One composer who did enjoy a double exposure was Stravinsky, who knew Cocteau too well, having collaborated with him on Oedipus Rex – that unsettling opera-cantata from 1927. On this program, we heard the perky Ragtime from L’histoire du soldat, another 1918 product, here illuminated by Tognetti’s negotiation of the sprightly, difficult violin part and treated with something close to the original’s orchestration. Later came two movements, Danse and Cantique, the outer ones from Trois pieces pour quatuor a cordes of 1918. Once again, you could question whether these would have made much impression on the cabaret patrons; perhaps the first with its insistent melody and rugged second violin counterweight would have been happily received, but definitely the slow-moving Orthodox-hymn suggestions of the second one would have turned off the not-too-heavy thinkers.

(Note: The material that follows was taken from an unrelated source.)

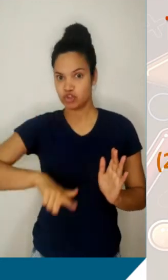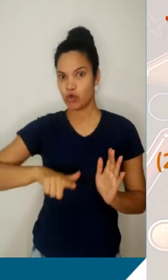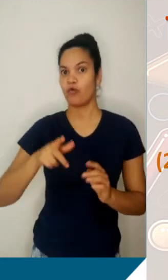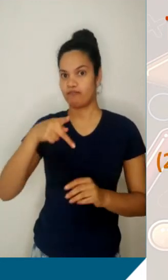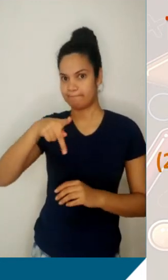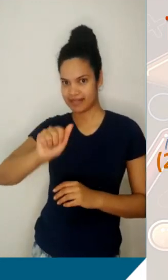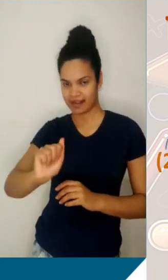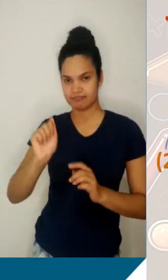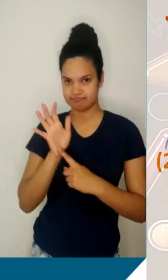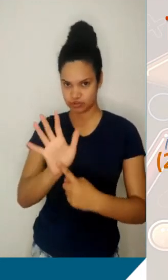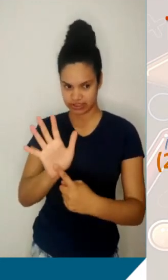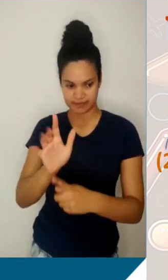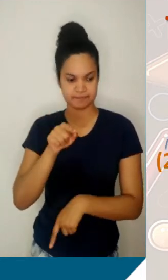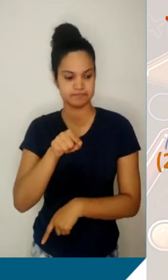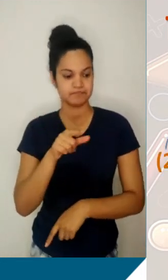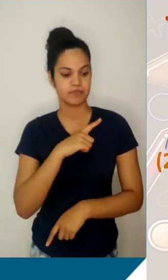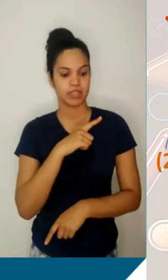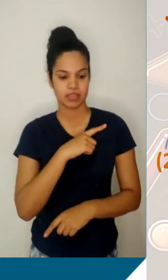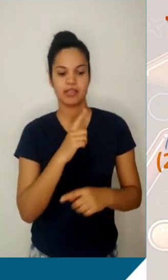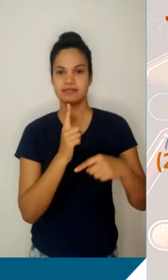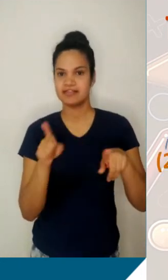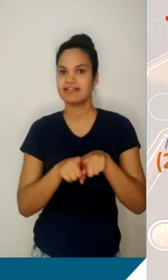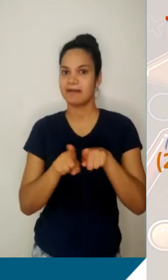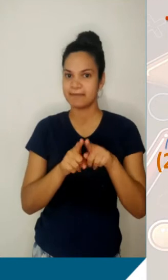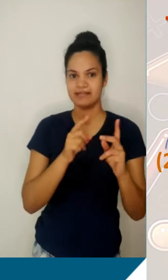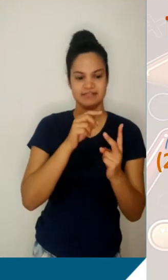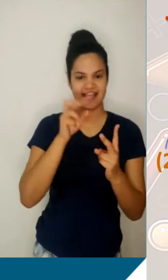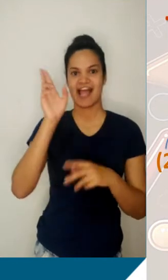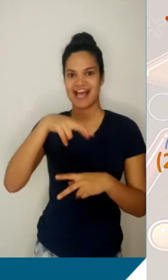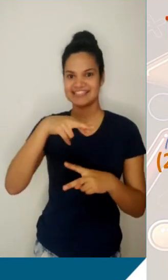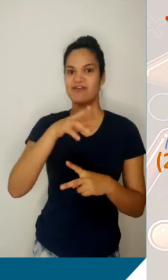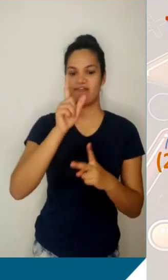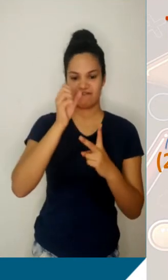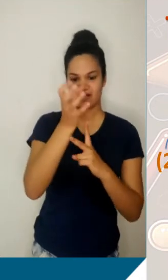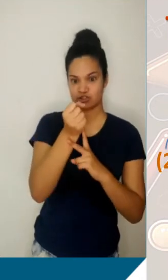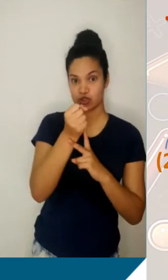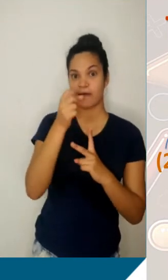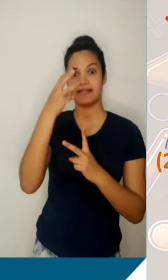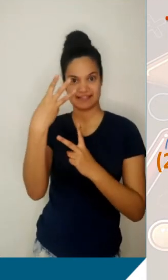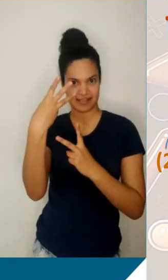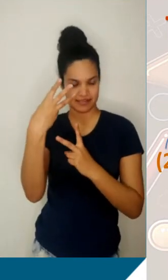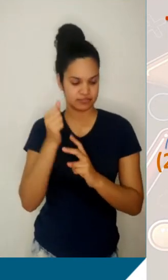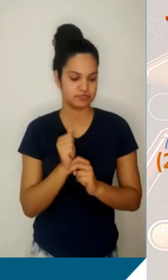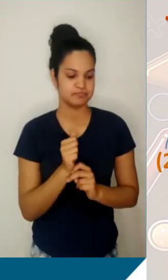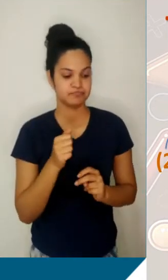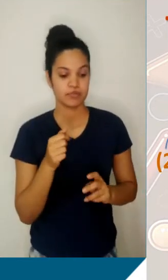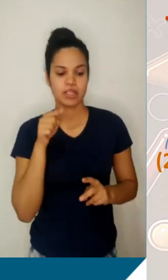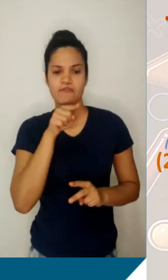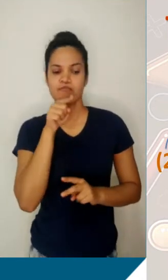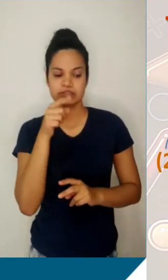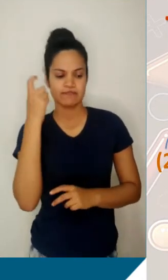aritmética. Não temos a razão 3. E a gente vai pedir para você agora escrever e estabelecer uma relação entre o A1,

To end, the singers collaborated, although Lankshear took the honours, in a version of Piaf’s 1949 Hymne a l’amour: the song that Celine Dion sang from the Eiffel Tower at the opening to the Paris Olympics in 2024. So we ended with a definite congruence: Piaf and Cocteau were friends, dying within a day of each other in October 1963. This made for an unexpectedly moving finale, largely due to Lankshear’s excellent realization of Piaf’s timbre, complete with that inimitable vibrato.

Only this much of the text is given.